Implementation of the connectivity check is generally dependent on the underlying technology. For a Cache service, it suffices to Set a constant value and see it succeeding. For a SQL Database a SELECT 1; query is all that is needed. For an Azure Storage account, it would be enough to connect and get the list of tables. The point being here is that none of these are anywhere near a business activity, so that you could not - in the remotest sense - think that its success means your business is up and running.

So there you have it. Don't do health endpoints, do canary instead.

Canary Endpoint implementation

A canary endpoint normally gets implemented as an HTTP GET call which returns a collection of connectivity check metrics.

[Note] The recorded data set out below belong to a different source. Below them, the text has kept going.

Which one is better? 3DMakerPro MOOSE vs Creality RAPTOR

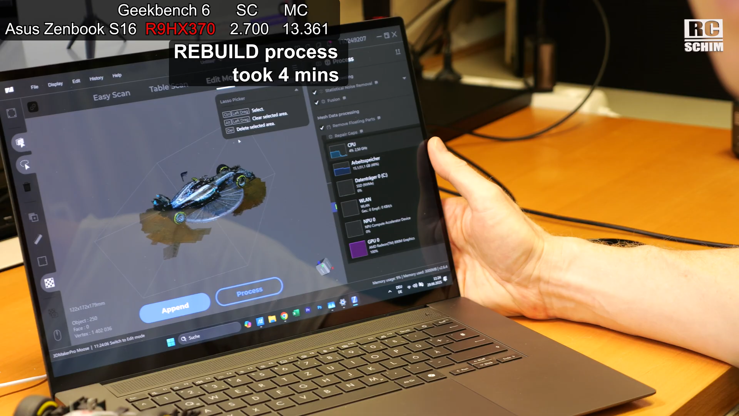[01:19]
Let's continue with the screen grab. Cut the bottom away.
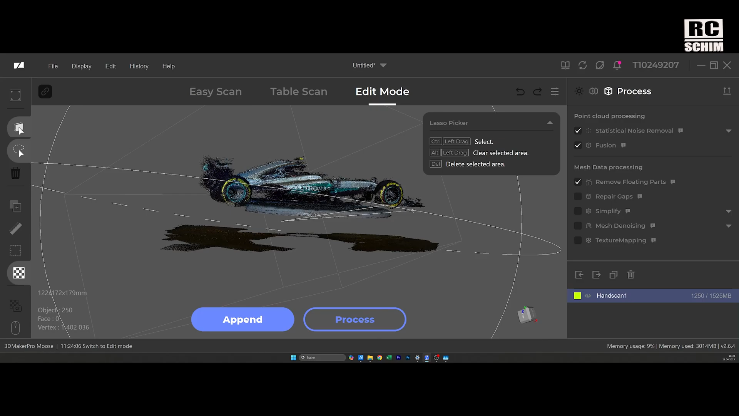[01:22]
This looks pretty good already.
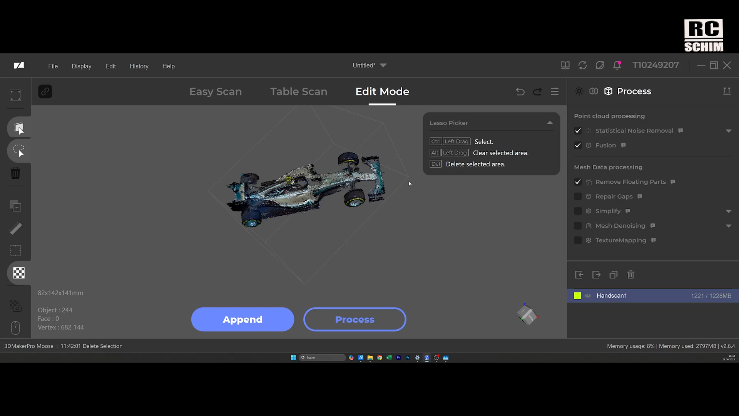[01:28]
Scan the underside. Now we want to have as much overlap as possible.
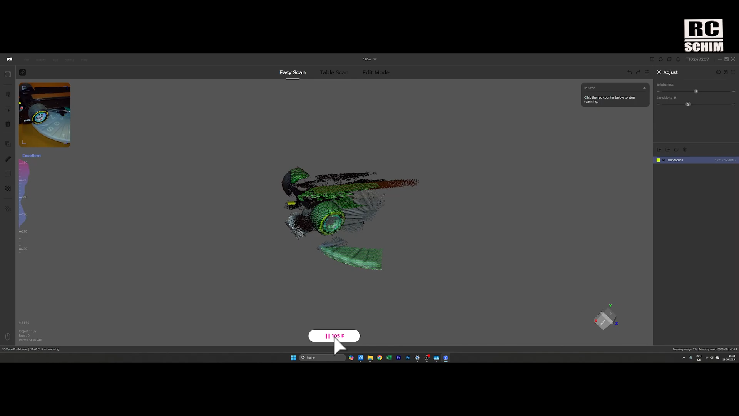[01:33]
Like the wheels are a good overlap. You need to select both of them and then hit align.
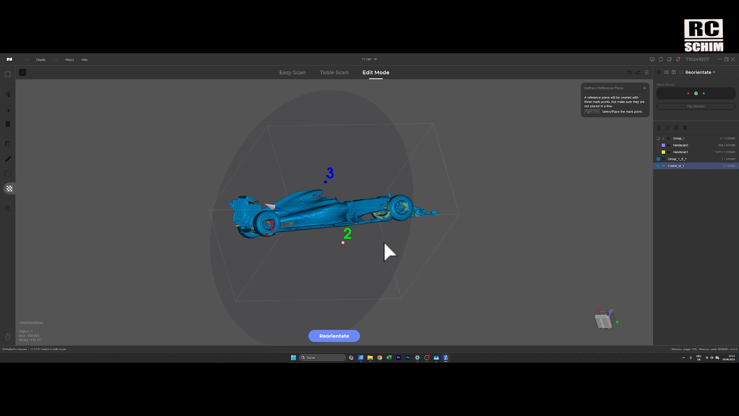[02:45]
Also here on the wheel. Point three. Like so.
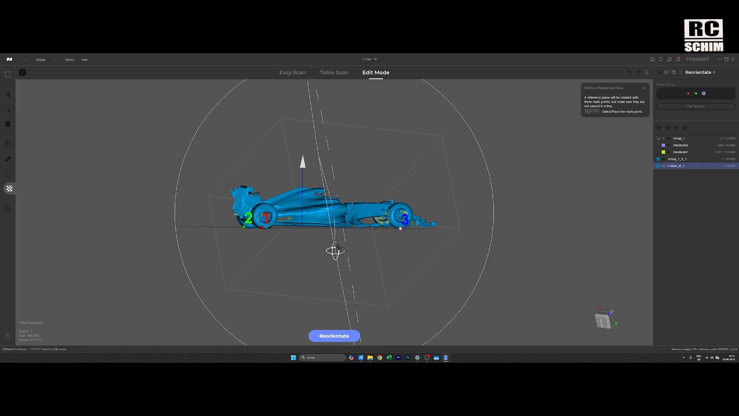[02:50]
And then you have a nice pane. I will use an STL and call it F1 Car Moose.
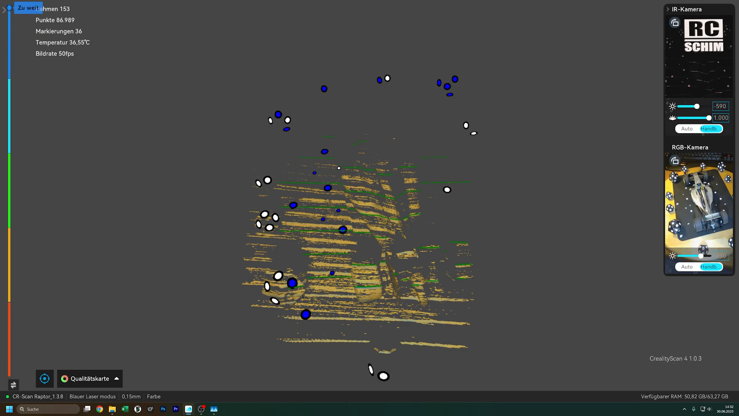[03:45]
Okay and you see with the proper PC you get it. So much more frames. Like 50 frames instead of 4 frames.
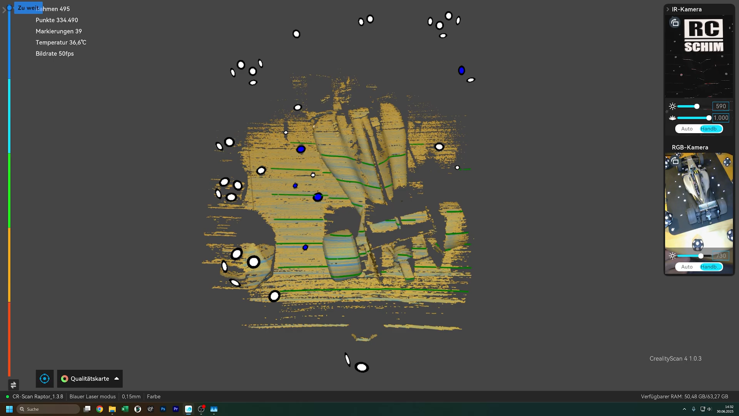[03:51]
It's the way to go. And I would just wiggle up and down.
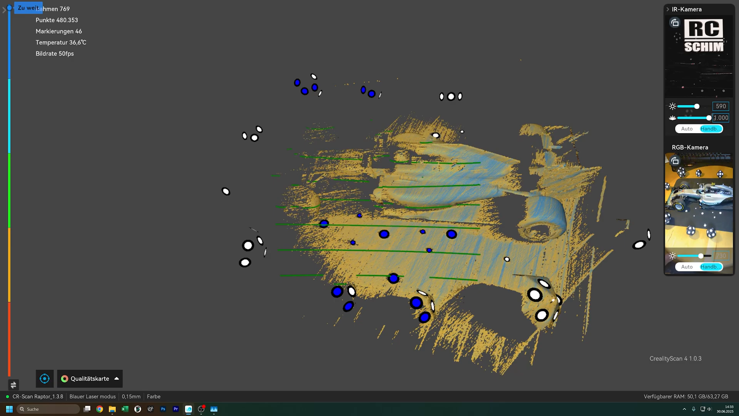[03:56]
Maybe back and forth a bit.
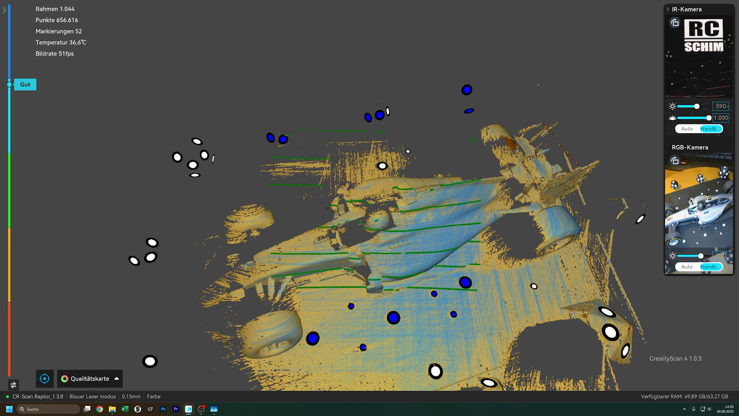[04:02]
To get extreme good details. With that many tracking points.
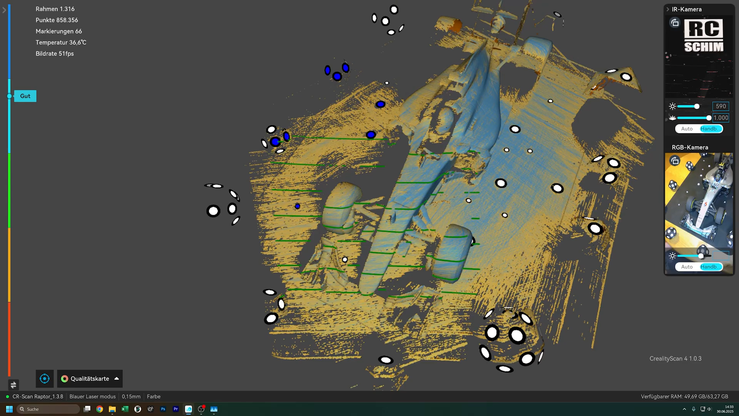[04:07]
It's really a joy.
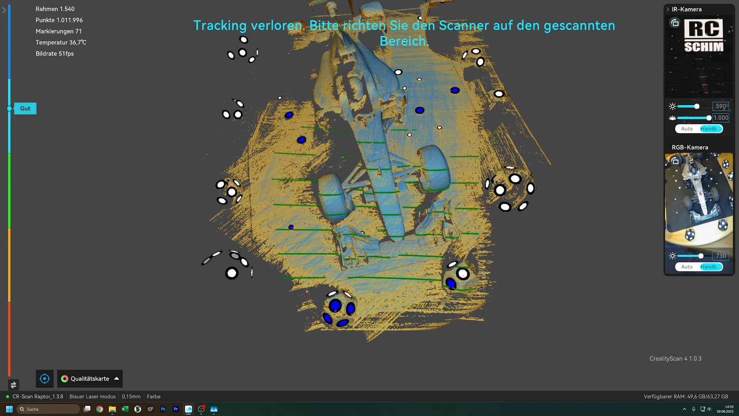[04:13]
Even down to the spoiler in the front. We get every detail that we want.
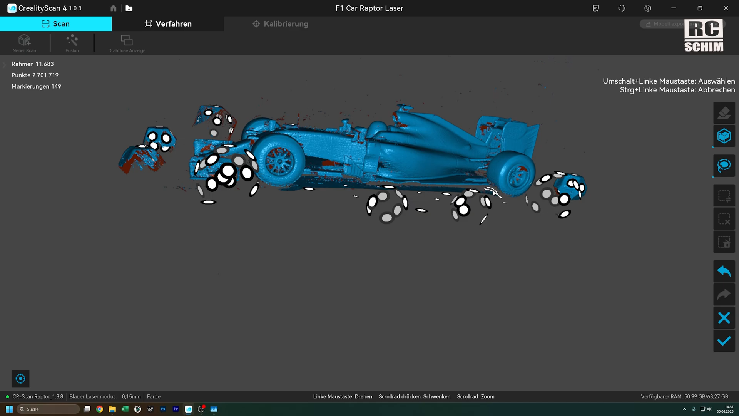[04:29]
It almost looks perfect. But I will do an underside scan as well.
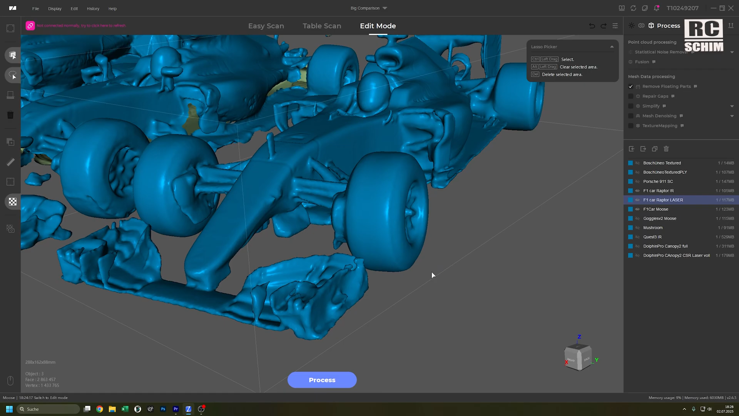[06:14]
See the rear spoiler and like the engine or exhaust or whatever that is
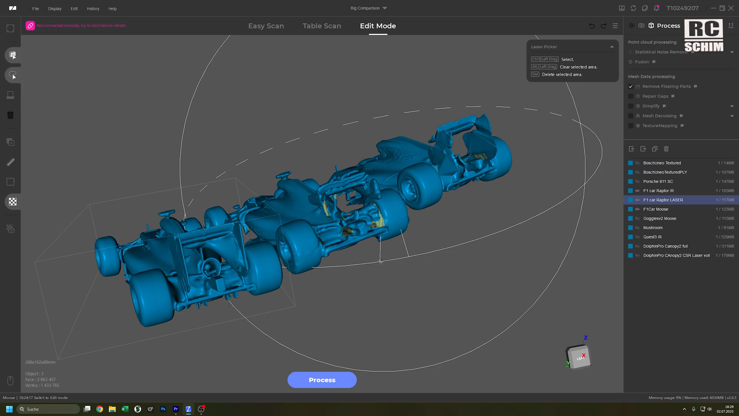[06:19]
looks really really nice on the laser one. Laser versus infrared versus blue LED strobe.
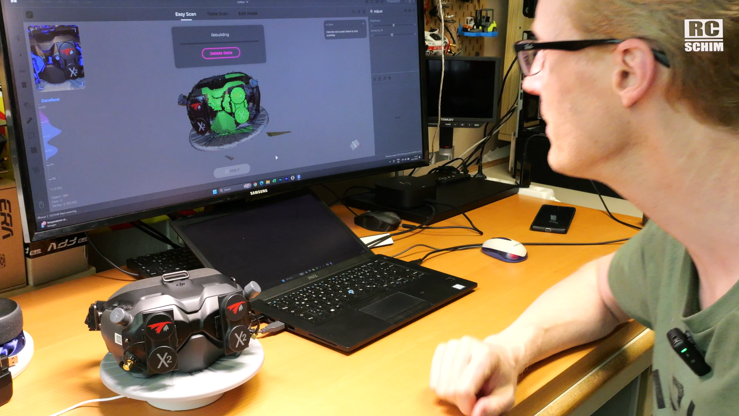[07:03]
Especially on the older laptop here. Here of course we have 100% CPU power but it's only an i7
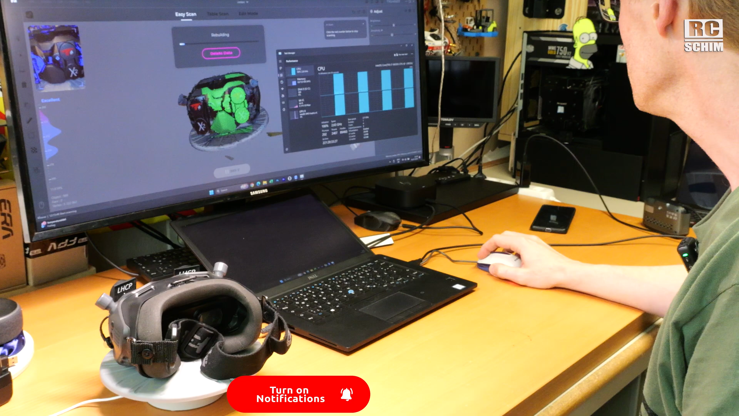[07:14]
8th generation 2 minutes. Maybe 3 which is less than I thought it would take.
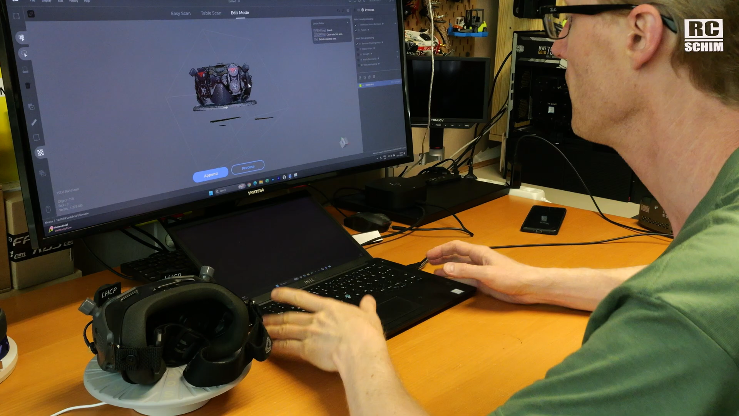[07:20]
So an i7 8th generation laptop. I think it has 16 gigs of ram. RAM is quite important for the scanning tasks. It's not too bad.
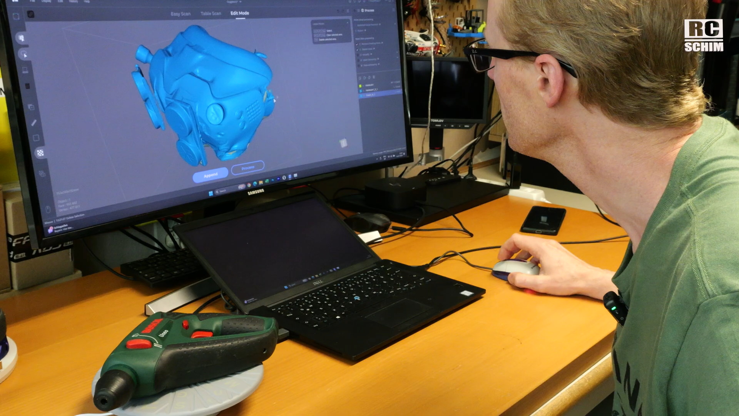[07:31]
It will not be the most accurate measurements. It's a bit low res but I'm happy with it.

You can abstract the logic of checking various dependencies in a library and allow API developers to implement the endpoint by just declaring the dependencies.

We are currently working on an implementation in ASOS (C# and ASP.NET Web API) and there is possibility of open sourcing it.

Security of the Canary Endpoint

I am in favour of securing Canary Endpoint with a constant API key - normally under SSL. This does not provide highest level of security but it is enough to make it much more difficult to break into. At the end of the day, a canay endpoint lists all internal dependencies, components and potentially technologies of a system that can be used by hackers to target components.

Performance impact of Canary Endpoint

Since canary endpoint does not trigger any business activity, its performance footprint should be minimal. However, since calling the canary endpoint generates a cascade of calls, it might not be wise to iterate through all canary endpoints and just call them every few seconds since deeper canary endpoints in a highly layered architecture get called multiple times in each round.